Hi Michael,
Thanks for your reply!

I have done a little more research; details are below.

Michael Van Canneyt wrote:
On Mon, 12 Feb 2007, Bram Kuijvenhoven wrote:
The Base64 decoding stream in the Base64 unit in the FCL appears to be broken.
In particular
- it does not handle whitespace (or other characters not from the bas64
alphabet), and

It was not designed to do this.

There is code trying to deal with bytes decoded as 99 (a sentinel value), but 
it is not really functional.

Looking more detailed at section 2.3 of RFC3548 
(http://www.ietf.org/rfc/rfc3548.txt), it is indeed stated that

  'Implementations MUST reject the encoding if it contains characters
  outside the base alphabet when interpreting base encoded data, unless
  the specification referring to this document explicitly states
  otherwise.  Such specifications may, as MIME does, instead state that
  characters outside the base encoding alphabet should simply be
  ignored when interpreting data ("be liberal in what you accept").
  Note that this means that any CRLF constitute "non alphabet
  characters" and are ignored.'

So the current design is not wrong (from the perspective of RFC3548 alone); 
only in the current implementation it not actually rejects these chars (e.g. it 
does not raise an exception).

RFC2045, about MIME, mentioned at a comment at the top in base64.pp, states 
however that these chars must be ignored instead of rejected. I recommend to 
support this 'mode' as well, as it allows line breaks, which is quite useful in 
textual environments.

- Read does not return the correct number of bytes read when at the end of the
stream, and
- the meaning of the EOF is a little bit unclear

These bugs can be circumvented by filtering out whitespace first and calling
Size [which works!] to determine the actual stream size, but this is of course
ugly, slower and not working on non-seekable streams.
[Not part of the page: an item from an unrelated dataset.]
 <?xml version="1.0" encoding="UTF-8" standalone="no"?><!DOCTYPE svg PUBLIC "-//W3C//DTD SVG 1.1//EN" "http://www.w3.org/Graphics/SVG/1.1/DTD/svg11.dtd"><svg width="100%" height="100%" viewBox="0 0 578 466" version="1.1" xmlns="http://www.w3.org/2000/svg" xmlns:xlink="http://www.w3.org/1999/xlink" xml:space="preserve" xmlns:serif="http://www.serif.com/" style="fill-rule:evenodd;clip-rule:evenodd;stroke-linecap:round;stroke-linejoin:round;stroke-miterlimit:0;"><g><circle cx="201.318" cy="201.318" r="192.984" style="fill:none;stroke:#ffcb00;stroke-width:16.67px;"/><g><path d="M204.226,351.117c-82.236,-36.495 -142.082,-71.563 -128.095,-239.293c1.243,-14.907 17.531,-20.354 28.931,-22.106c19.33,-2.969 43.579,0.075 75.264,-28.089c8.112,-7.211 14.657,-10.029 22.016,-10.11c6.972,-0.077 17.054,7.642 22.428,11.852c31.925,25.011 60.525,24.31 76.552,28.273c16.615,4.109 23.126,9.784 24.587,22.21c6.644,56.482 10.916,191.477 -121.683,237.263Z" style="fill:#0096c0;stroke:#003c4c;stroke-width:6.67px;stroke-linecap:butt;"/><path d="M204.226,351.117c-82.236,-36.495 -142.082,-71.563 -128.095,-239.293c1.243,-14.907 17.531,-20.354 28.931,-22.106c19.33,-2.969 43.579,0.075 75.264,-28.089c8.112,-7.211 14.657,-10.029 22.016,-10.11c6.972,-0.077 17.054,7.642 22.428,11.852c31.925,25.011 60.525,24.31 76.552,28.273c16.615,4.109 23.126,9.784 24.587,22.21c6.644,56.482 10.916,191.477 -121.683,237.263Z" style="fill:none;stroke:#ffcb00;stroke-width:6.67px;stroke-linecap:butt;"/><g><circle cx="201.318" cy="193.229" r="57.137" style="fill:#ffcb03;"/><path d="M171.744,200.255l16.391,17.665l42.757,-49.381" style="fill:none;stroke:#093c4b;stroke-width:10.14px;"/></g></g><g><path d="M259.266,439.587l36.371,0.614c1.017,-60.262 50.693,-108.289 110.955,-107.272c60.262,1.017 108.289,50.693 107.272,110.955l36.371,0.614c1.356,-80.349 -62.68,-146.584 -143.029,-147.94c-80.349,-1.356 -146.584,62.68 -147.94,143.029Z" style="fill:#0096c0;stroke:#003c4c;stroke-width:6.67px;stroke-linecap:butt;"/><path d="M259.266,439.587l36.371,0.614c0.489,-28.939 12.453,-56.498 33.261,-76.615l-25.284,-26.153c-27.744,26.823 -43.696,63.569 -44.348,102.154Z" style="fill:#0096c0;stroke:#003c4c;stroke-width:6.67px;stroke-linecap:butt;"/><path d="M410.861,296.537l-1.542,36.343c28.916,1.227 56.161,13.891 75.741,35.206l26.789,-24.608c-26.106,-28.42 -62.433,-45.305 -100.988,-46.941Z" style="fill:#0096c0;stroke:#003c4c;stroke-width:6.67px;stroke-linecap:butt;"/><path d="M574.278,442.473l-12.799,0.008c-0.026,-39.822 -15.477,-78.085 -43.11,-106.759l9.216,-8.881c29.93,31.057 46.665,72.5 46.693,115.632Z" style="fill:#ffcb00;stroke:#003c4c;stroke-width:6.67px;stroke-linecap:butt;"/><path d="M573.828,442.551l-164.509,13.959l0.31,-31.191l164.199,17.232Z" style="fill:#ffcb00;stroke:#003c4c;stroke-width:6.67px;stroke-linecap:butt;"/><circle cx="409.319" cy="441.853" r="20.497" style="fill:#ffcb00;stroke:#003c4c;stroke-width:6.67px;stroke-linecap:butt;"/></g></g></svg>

The non-seekable streams should remain supported.

The point is that it currently only supports seekable streams (when calling 
GetSize). For Read, it doesn't need seeking of course, and this will remain so.

There is not only choice in ignoring/rejecting non-base alphabet characters, 
but also in dealing with '=' pad characters that are not at the end of the 
string. (Up to two of such '=' pad characters have to be used at the end to 
complete the last 4-byte sequence; this last sequence will encode  3 - nr. of 
'='s at the end  bytes instead of  3. (Normally, in Base64 encoding, sequences 
of 4 bytes are used to encode 3 bytes from the input.))

In particular, the current 'getsize' calculation of TBase64DecodeStream (NB 
this is done in the Seek method) seeks to the end of the input stream, reads 
the last two characters, and determines from whether these are '=' or '==' by 
how much the 'div 4 * 3' calculated stream size should be decreased. If we 
signal an EOF at the first occurence of a '=' (besides the end of the input 
stream), this calculation can go very wrong. The best behavior would be to 
raise an exception here I think (when following RFC3548.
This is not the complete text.